(Work instructions)
The entries below should be given again exactly, minus their pictures.

═══ Records to use

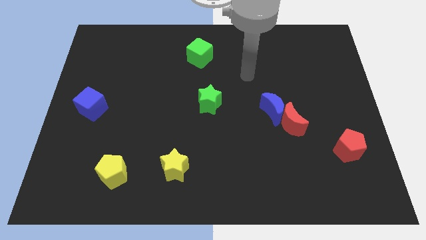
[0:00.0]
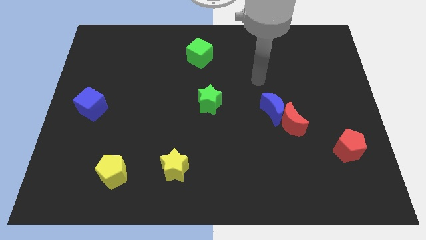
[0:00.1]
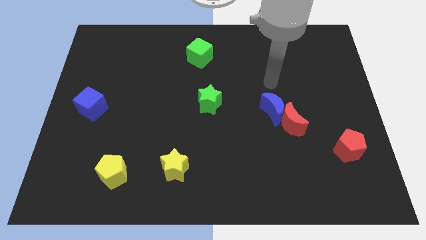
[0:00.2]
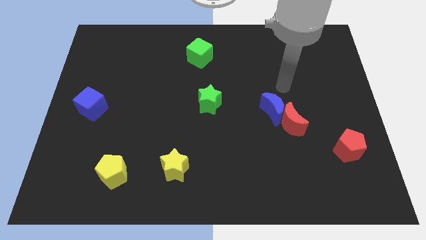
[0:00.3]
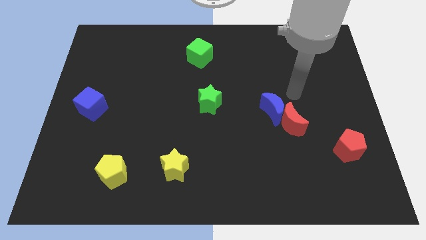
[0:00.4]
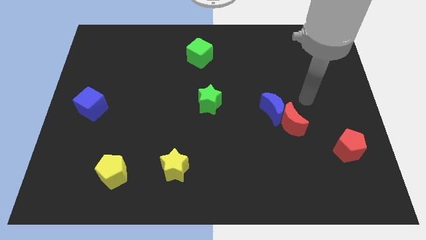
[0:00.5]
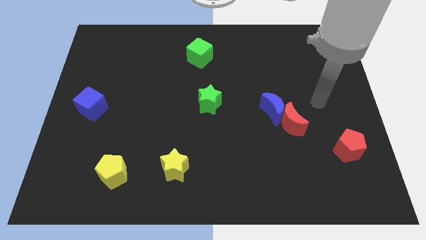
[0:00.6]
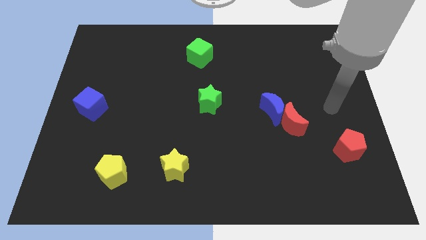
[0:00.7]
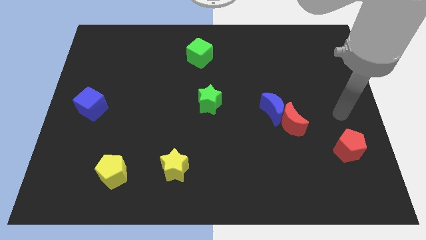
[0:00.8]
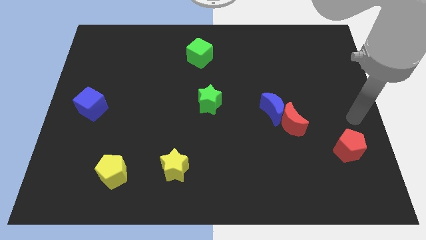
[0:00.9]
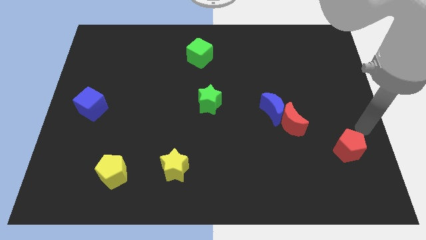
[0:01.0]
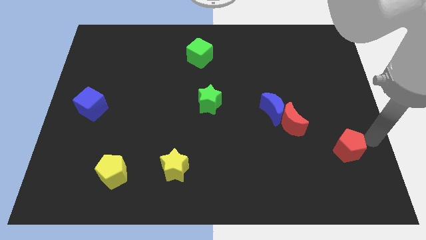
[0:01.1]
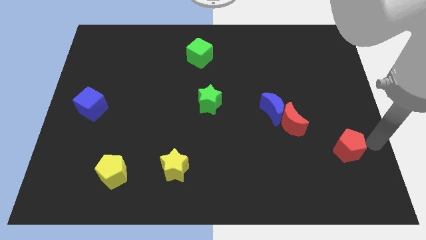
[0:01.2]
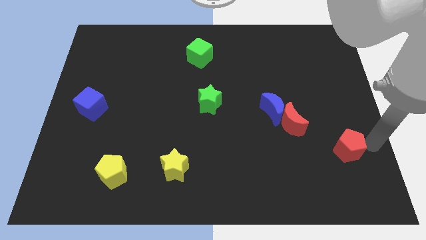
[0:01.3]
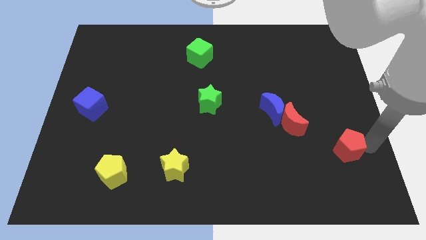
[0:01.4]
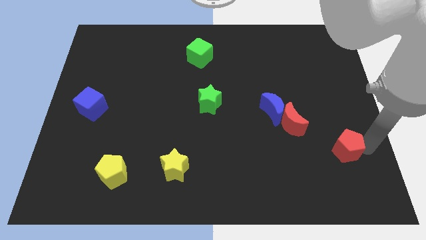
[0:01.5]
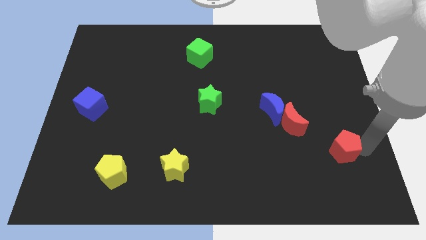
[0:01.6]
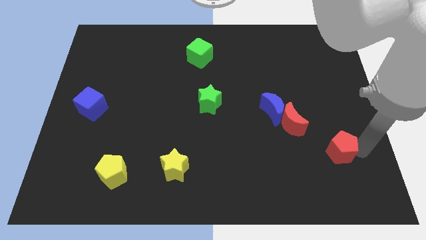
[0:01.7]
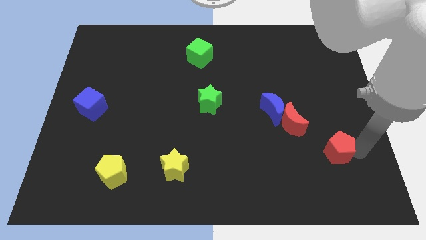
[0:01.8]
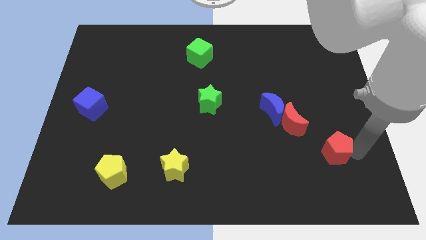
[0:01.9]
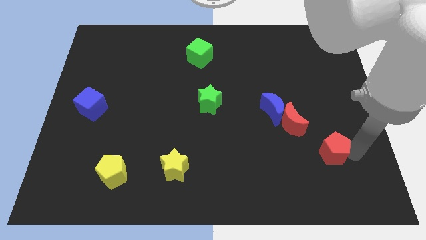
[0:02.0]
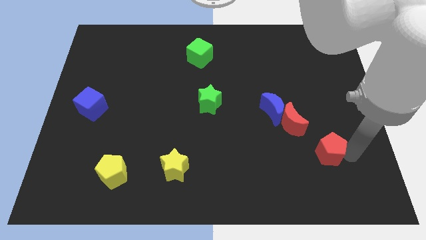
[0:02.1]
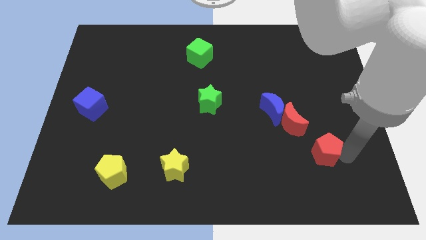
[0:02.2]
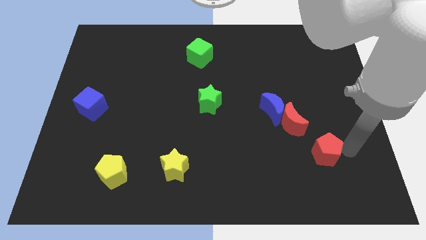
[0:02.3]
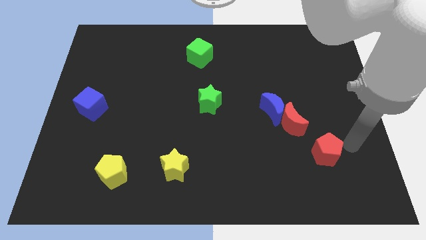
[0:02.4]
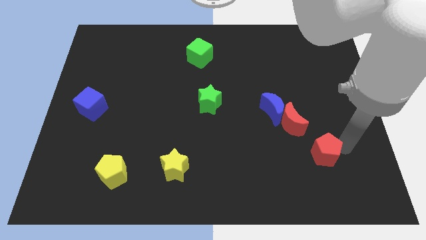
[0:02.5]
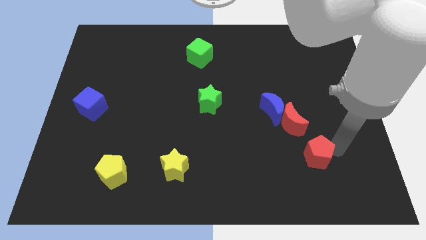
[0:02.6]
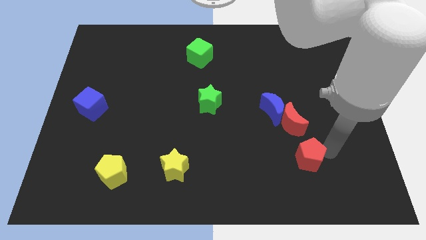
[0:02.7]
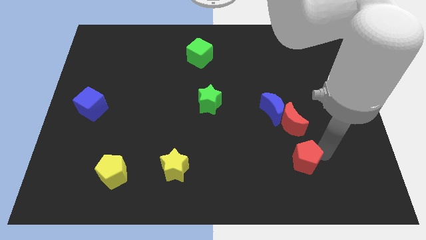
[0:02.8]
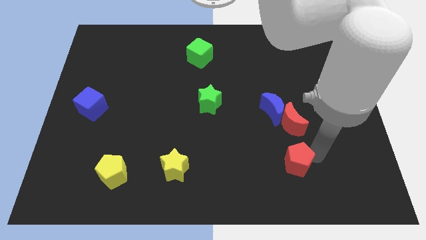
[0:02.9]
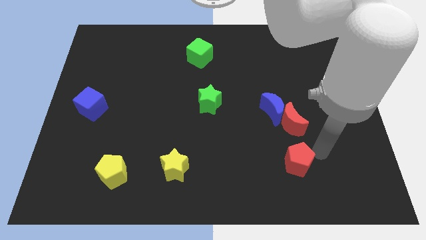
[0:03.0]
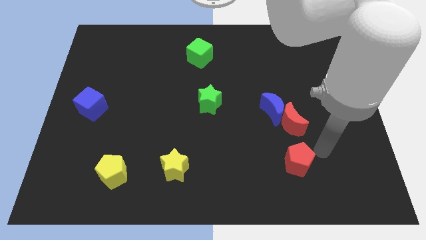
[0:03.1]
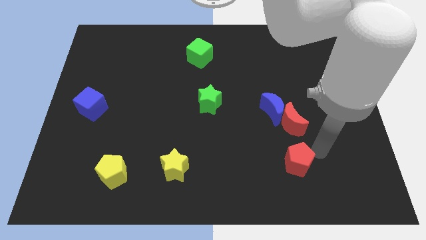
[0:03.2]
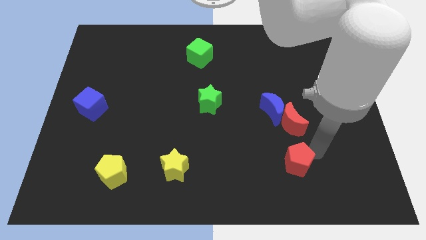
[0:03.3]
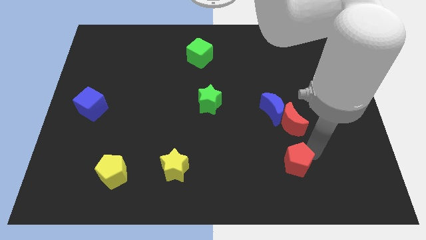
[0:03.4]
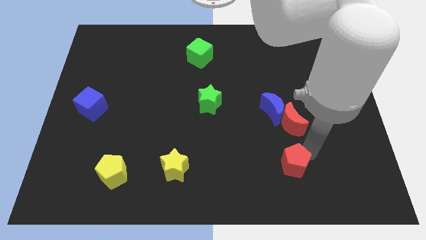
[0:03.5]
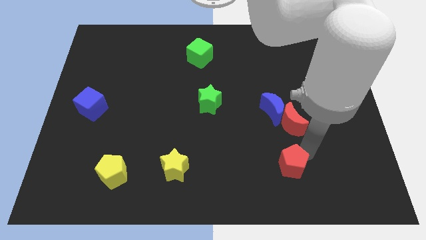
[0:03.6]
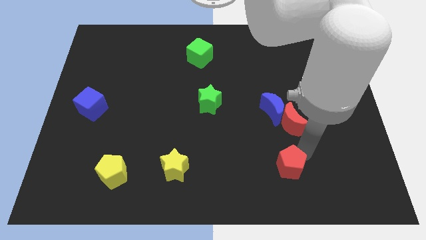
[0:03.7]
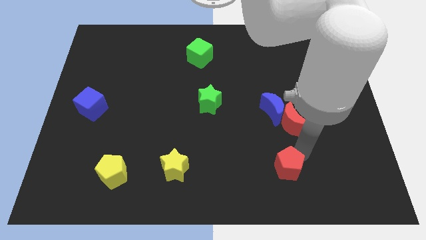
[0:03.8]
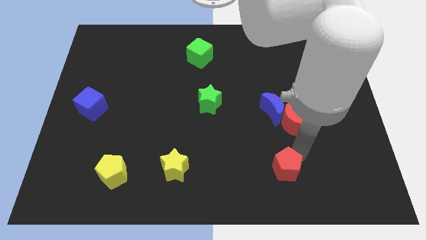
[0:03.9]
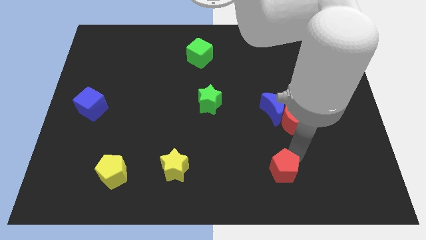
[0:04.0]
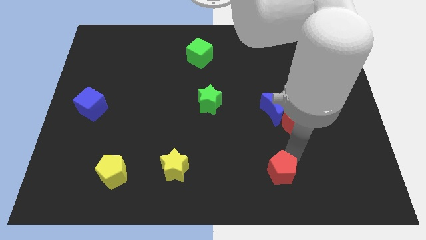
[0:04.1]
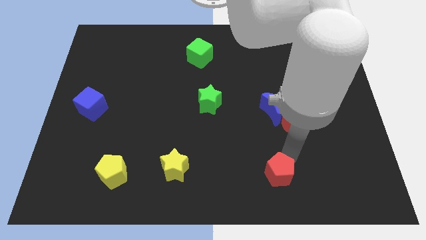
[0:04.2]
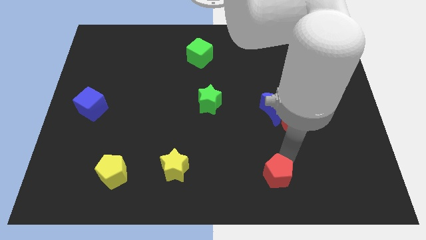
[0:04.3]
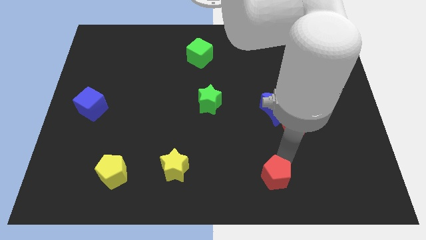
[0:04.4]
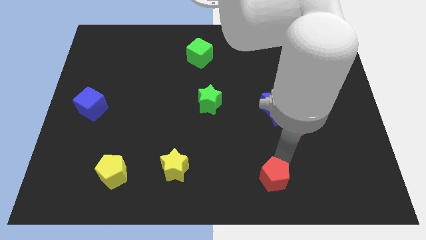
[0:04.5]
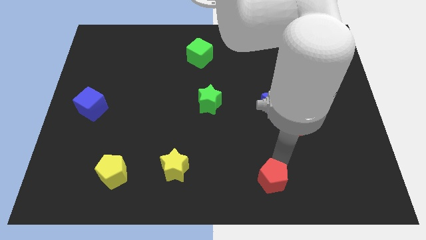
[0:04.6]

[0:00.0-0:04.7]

══════

(Response to this task)
[0:00.0]
[0:00.1]
[0:00.2]
[0:00.3]
[0:00.4]
[0:00.5]
[0:00.6]
[0:00.7]
[0:00.8]
[0:00.9]
[0:01.0]
[0:01.1]
[0:01.2]
[0:01.3]
[0:01.4]
[0:01.5]
[0:01.6]
[0:01.7]
[0:01.8]
[0:01.9]
[0:02.0]
[0:02.1]
[0:02.2]
[0:02.3]
[0:02.4]
[0:02.5]
[0:02.6]
[0:02.7]
[0:02.8]
[0:02.9]
[0:03.0]
[0:03.1]
[0:03.2]
[0:03.3]
[0:03.4]
[0:03.5]
[0:03.6]
[0:03.7]
[0:03.8]
[0:03.9]
[0:04.0]
[0:04.1]
[0:04.2]
[0:04.3]
[0:04.4]
[0:04.5]
[0:04.6]

[0:00.0-0:04.7]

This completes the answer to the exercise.